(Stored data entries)
..........
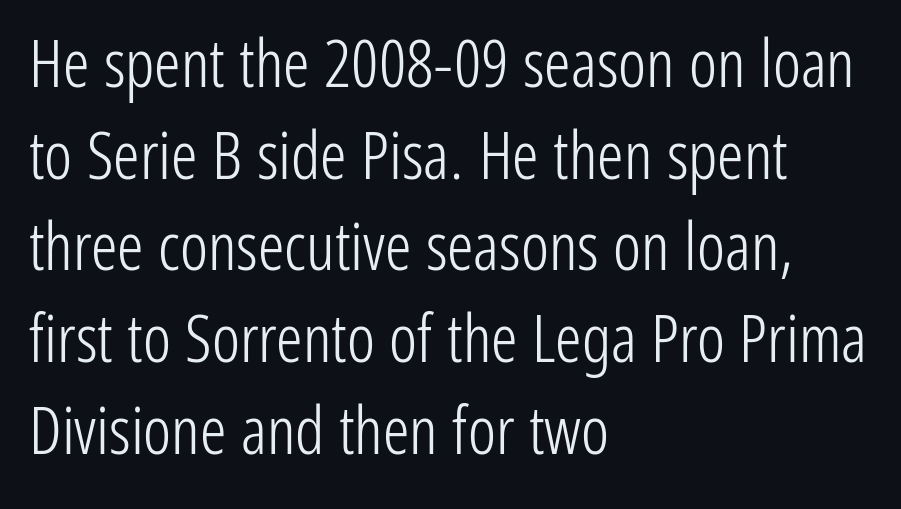
The designer went with a sans here, leaving each stem footless. Rule under the text: the space is simply empty. Does the lettering tilt? It doesn't — this is upright. The tracking reads as untouched default to a designer's eye. Line starts are locked; line ends wander. The vertical gap from one line to the next is medium.
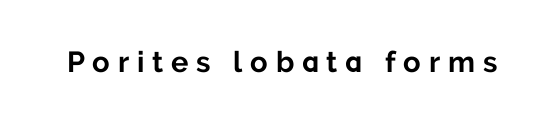
Q: Is the text bold? A: Yes.
Q: Is the text italic (slanted)? A: No, it is upright.
Q: Is the typeface a serif or a sans-serif typeface? A: Sans-serif.
Q: Is the text underlined? A: No.
Q: Is the spacing between letters normal or unusually wide? A: Unusually wide.
Q: Width (condensed, normal, or wide)? A: Normal.
Q: Stroke contrast? A: Low.
Q: x-height? A: Medium.
Q: Monospaced? A: No.
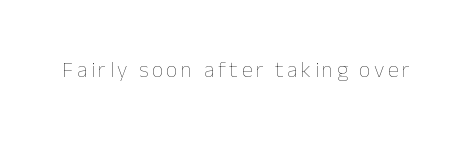
{"italic": "no", "bold": "no", "underline": "no", "glyph_px": 22}
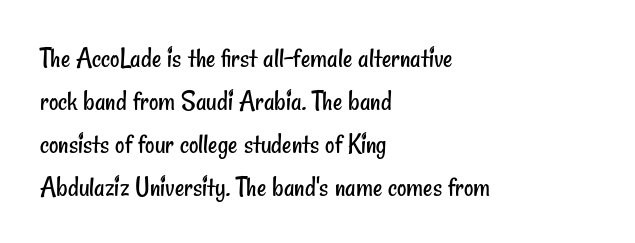
Spacing verdict: proportional, widths tailored to each character. To sum up the face: it is a sans, with no serifs. Anything drawn beneath the words? Only blank space. On a weight scale, this lands at 450 or below. Which margin do the lines hug? The left one — the right edge is uneven.
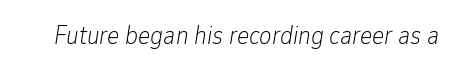
Bare-footed words on every line. Default kerning and tracking; the words read as compact shapes. Heaviness? Minimal to ordinary, like unemphasized prose. It's the slanting kind of type.
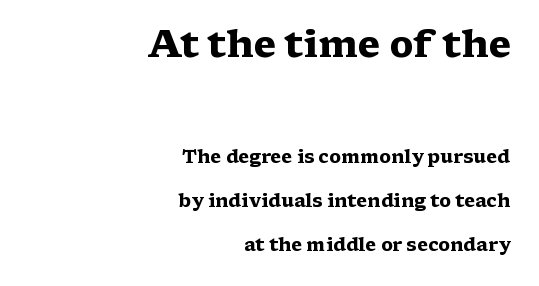
{"serif": "yes", "italic": "no", "bold": "yes", "weight": "heavy", "width": "wide", "stroke_contrast": "medium", "x_height": "medium", "monospaced": "no", "underline": "no", "align": "right", "line_spacing": "loose", "line_spacing_ratio": 2.45, "letter_spacing": "normal", "letter_spacing_em": 0.0, "larger_block": "first", "size_ratio": 2.06, "glyph_px": 37}
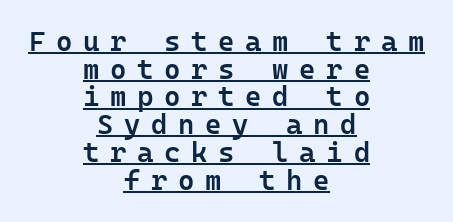
Q: Is the text bold? A: Semi-bold.
Q: Is the text italic (slanted)? A: No, it is upright.
Q: Is the typeface a serif or a sans-serif typeface? A: Sans-serif.
Q: Is the text underlined? A: Yes.
Q: How is the paragraph aligned? A: Centered.
Q: Is the spacing between letters normal or unusually wide? A: Unusually wide.
Q: Is the spacing between lines tight, normal or loose? A: Tight.
Q: Width (condensed, normal, or wide)? A: Normal.
Q: Stroke contrast? A: Low.
Q: x-height? A: Medium.
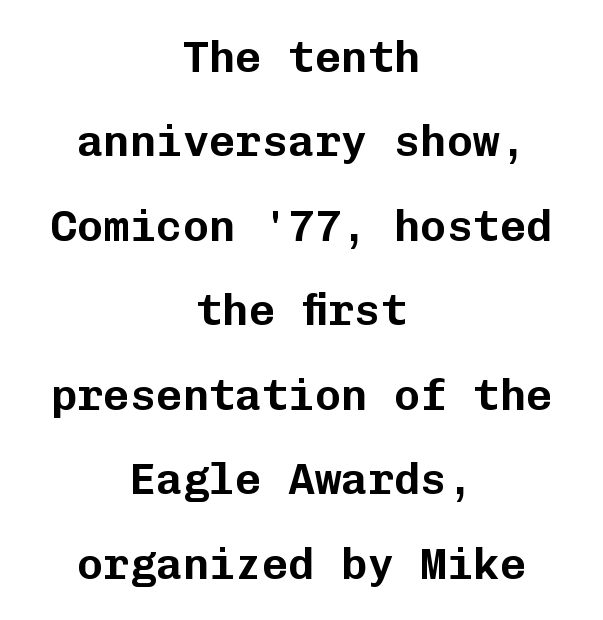
Q: Is the text italic (slanted)? A: No, it is upright.
Q: Is the typeface a serif or a sans-serif typeface? A: Sans-serif.
Q: Is the text underlined? A: No.
Q: How is the paragraph aligned? A: Centered.
Q: Is the spacing between letters normal or unusually wide? A: Normal.
Q: Is the spacing between lines tight, normal or loose? A: Loose.
Q: Width (condensed, normal, or wide)? A: Normal.
Q: Stroke contrast? A: Low.
Q: x-height? A: Medium.
Q: Monospaced? A: Yes.
..........
No pictures belong in the copy. Transcribe every entry exactly.

> [Task response]
The designer went with a sans here, leaving each stem footless. Rule under the text: the space is simply empty. Does the lettering tilt? It doesn't — this is upright. The tracking reads as untouched default to a designer's eye. Line starts are locked; line ends wander. The vertical gap from one line to the next is medium.
Q: Is the text bold? A: Yes.
Q: Is the text italic (slanted)? A: No, it is upright.
Q: Is the typeface a serif or a sans-serif typeface? A: Sans-serif.
Q: Is the text underlined? A: No.
Q: Is the spacing between letters normal or unusually wide? A: Unusually wide.
Q: Width (condensed, normal, or wide)? A: Normal.
Q: Stroke contrast? A: Low.
Q: x-height? A: Medium.
Q: Monospaced? A: No.
{"italic": "no", "bold": "no", "underline": "no", "glyph_px": 22}
Spacing verdict: proportional, widths tailored to each character. To sum up the face: it is a sans, with no serifs. Anything drawn beneath the words? Only blank space. On a weight scale, this lands at 450 or below. Which margin do the lines hug? The left one — the right edge is uneven.
Bare-footed words on every line. Default kerning and tracking; the words read as compact shapes. Heaviness? Minimal to ordinary, like unemphasized prose. It's the slanting kind of type.
{"serif": "yes", "italic": "no", "bold": "yes", "weight": "heavy", "width": "wide", "stroke_contrast": "medium", "x_height": "medium", "monospaced": "no", "underline": "no", "align": "right", "line_spacing": "loose", "line_spacing_ratio": 2.45, "letter_spacing": "normal", "letter_spacing_em": 0.0, "larger_block": "first", "size_ratio": 2.06, "glyph_px": 37}
Q: Is the text bold? A: Semi-bold.
Q: Is the text italic (slanted)? A: No, it is upright.
Q: Is the typeface a serif or a sans-serif typeface? A: Sans-serif.
Q: Is the text underlined? A: Yes.
Q: How is the paragraph aligned? A: Centered.
Q: Is the spacing between letters normal or unusually wide? A: Unusually wide.
Q: Is the spacing between lines tight, normal or loose? A: Tight.
Q: Width (condensed, normal, or wide)? A: Normal.
Q: Stroke contrast? A: Low.
Q: x-height? A: Medium.
Q: Is the text italic (slanted)? A: No, it is upright.
Q: Is the typeface a serif or a sans-serif typeface? A: Sans-serif.
Q: Is the text underlined? A: No.
Q: How is the paragraph aligned? A: Centered.
Q: Is the spacing between letters normal or unusually wide? A: Normal.
Q: Is the spacing between lines tight, normal or loose? A: Loose.
Q: Width (condensed, normal, or wide)? A: Normal.
Q: Stroke contrast? A: Low.
Q: x-height? A: Medium.
Q: Monospaced? A: Yes.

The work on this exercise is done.